§ Exercise description
Word for word, set down the records and skip each picture.
Start of Block
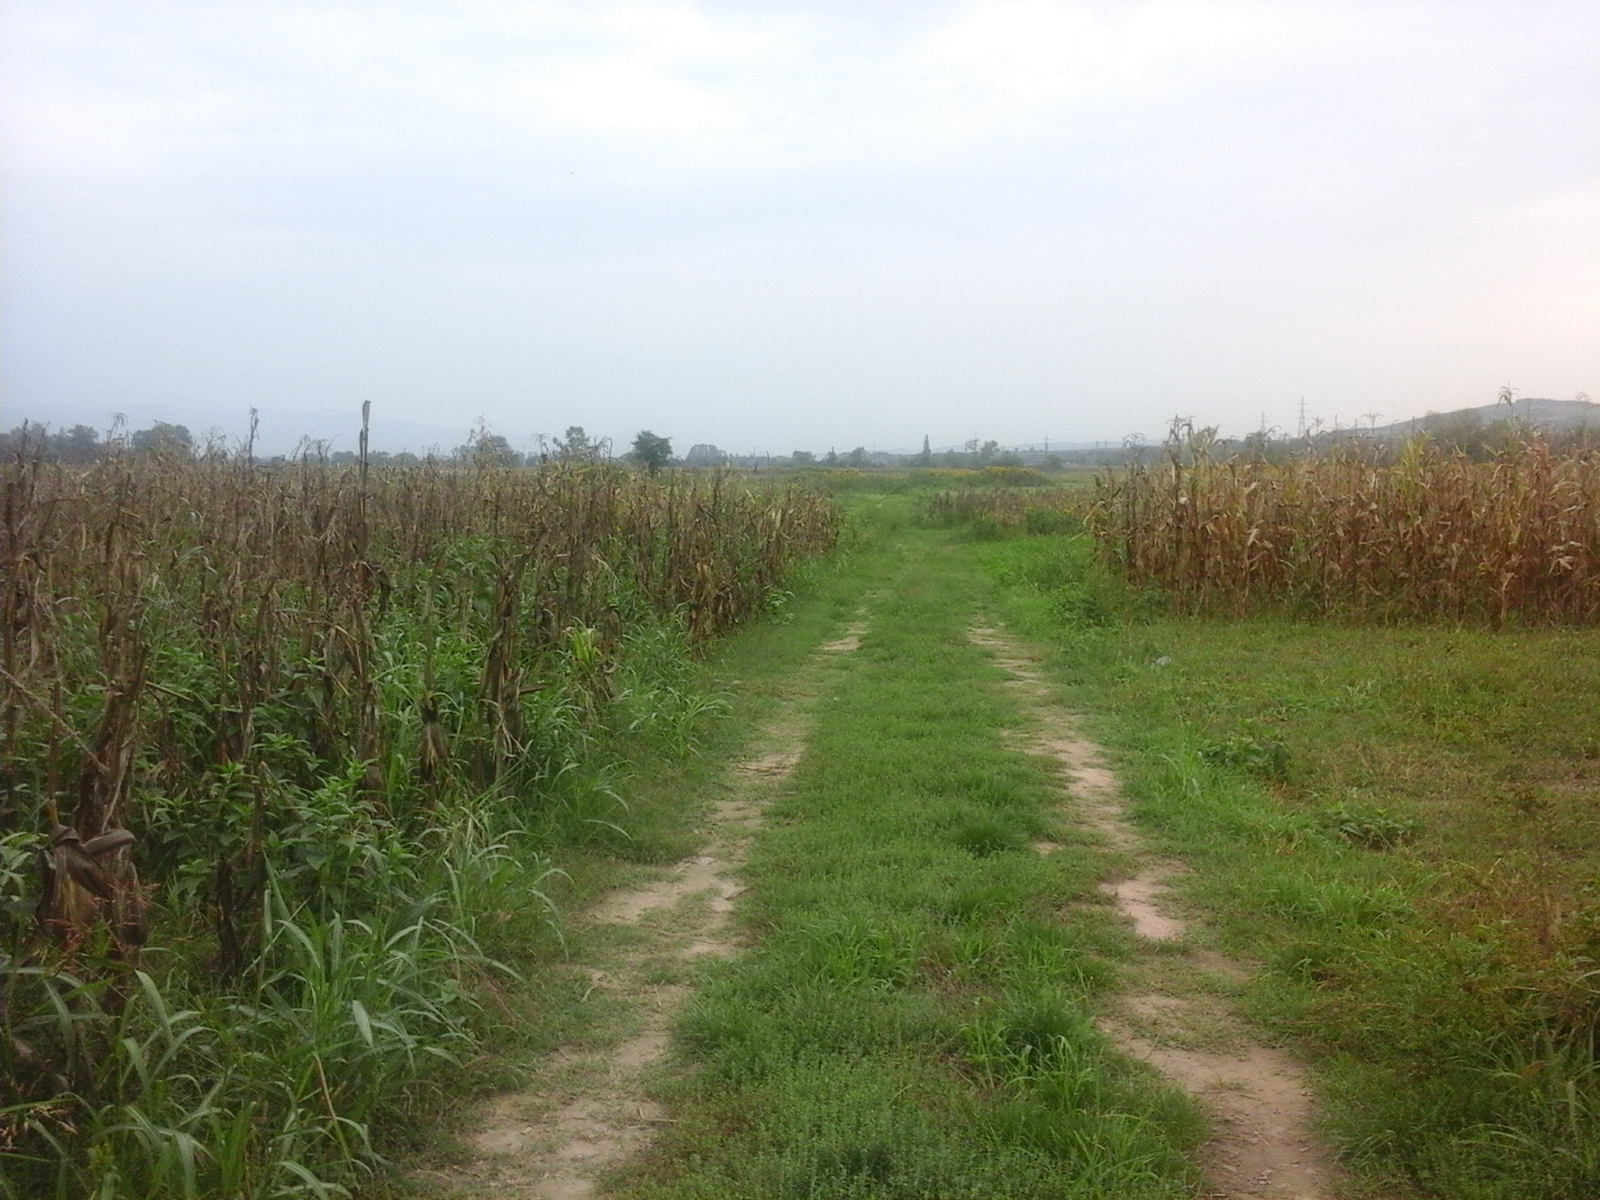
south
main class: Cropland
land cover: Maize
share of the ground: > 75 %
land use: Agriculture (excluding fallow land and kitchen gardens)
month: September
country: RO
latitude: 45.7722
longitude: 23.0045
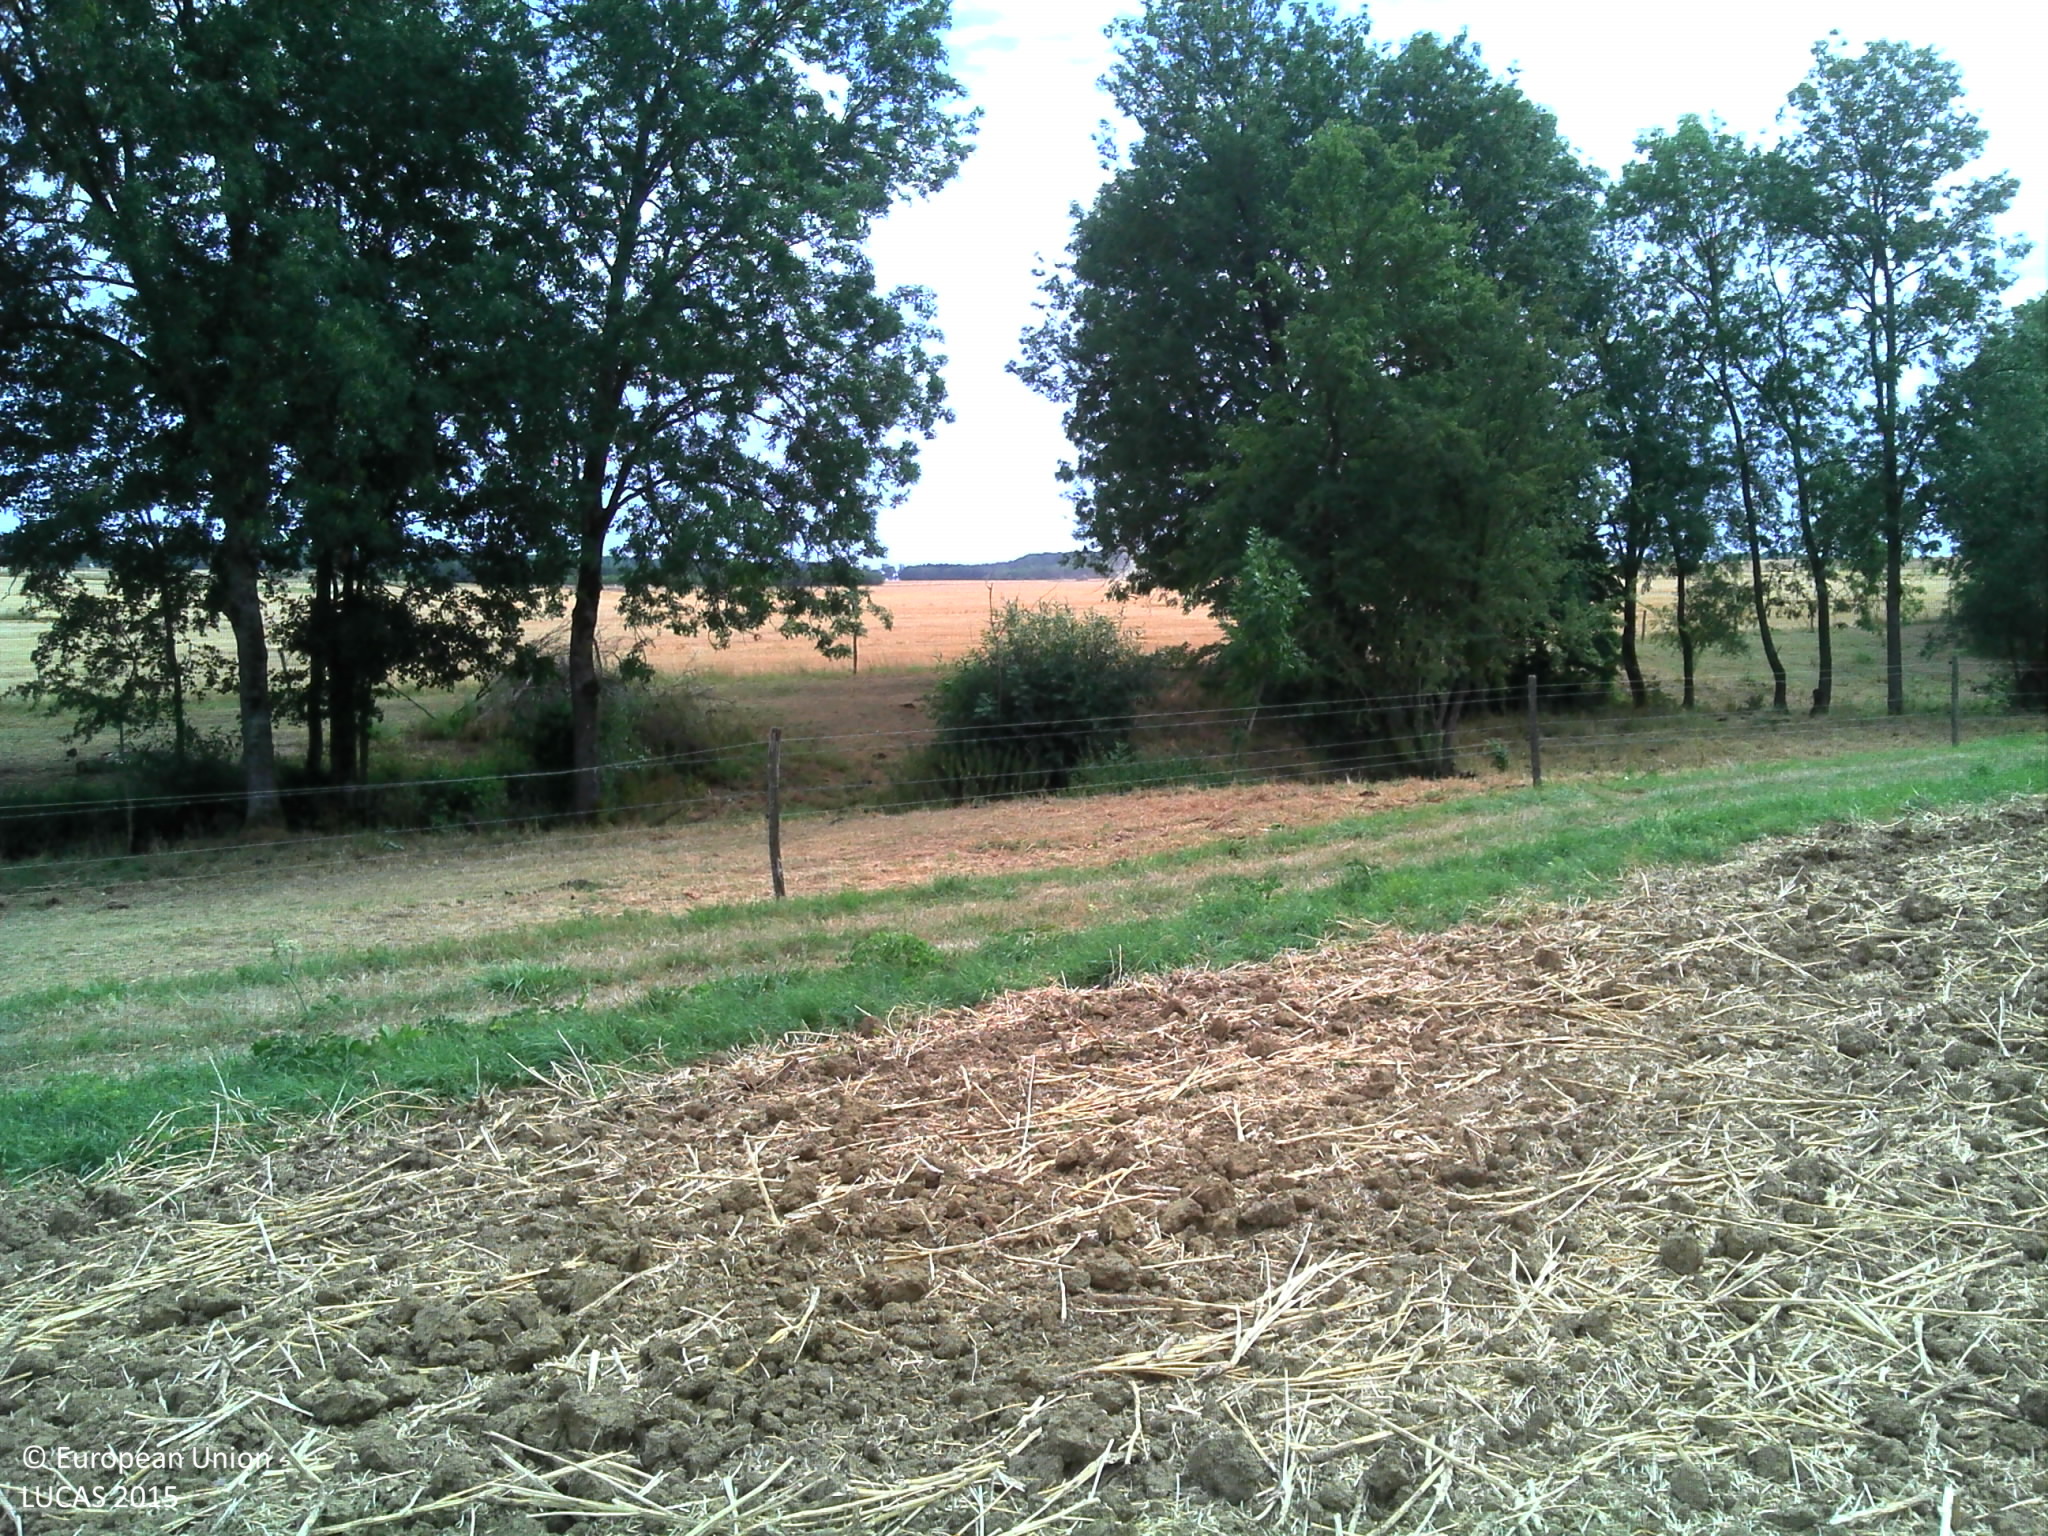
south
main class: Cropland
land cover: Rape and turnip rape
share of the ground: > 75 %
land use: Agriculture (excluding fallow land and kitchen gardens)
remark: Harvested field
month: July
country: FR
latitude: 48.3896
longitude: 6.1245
End of Block
§ Solution to the problem
south
main class: Cropland
land cover: Maize
share of the ground: > 75 %
land use: Agriculture (excluding fallow land and kitchen gardens)
month: September
country: RO
latitude: 45.7722
longitude: 23.0045
south
main class: Cropland
land cover: Rape and turnip rape
share of the ground: > 75 %
land use: Agriculture (excluding fallow land and kitchen gardens)
remark: Harvested field
month: July
country: FR
latitude: 48.3896
longitude: 6.1245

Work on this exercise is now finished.